• _SOURCE RECORDS_:
>>>>>

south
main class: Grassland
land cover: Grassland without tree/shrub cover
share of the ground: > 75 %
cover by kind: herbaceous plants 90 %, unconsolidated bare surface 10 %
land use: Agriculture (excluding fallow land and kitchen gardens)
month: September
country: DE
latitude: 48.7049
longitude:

<<<<<

• _WHAT IS EXPECTED_: Your job is to give the listing again exactly as it was written.

• _WRITTEN RESPONSE_:
south
main class: Grassland
land cover: Grassland without tree/shrub cover
share of the ground: > 75 %
cover by kind: herbaceous plants 90 %, unconsolidated bare surface 10 %
land use: Agriculture (excluding fallow land and kitchen gardens)
month: September
country: DE
latitude: 48.7049
longitude:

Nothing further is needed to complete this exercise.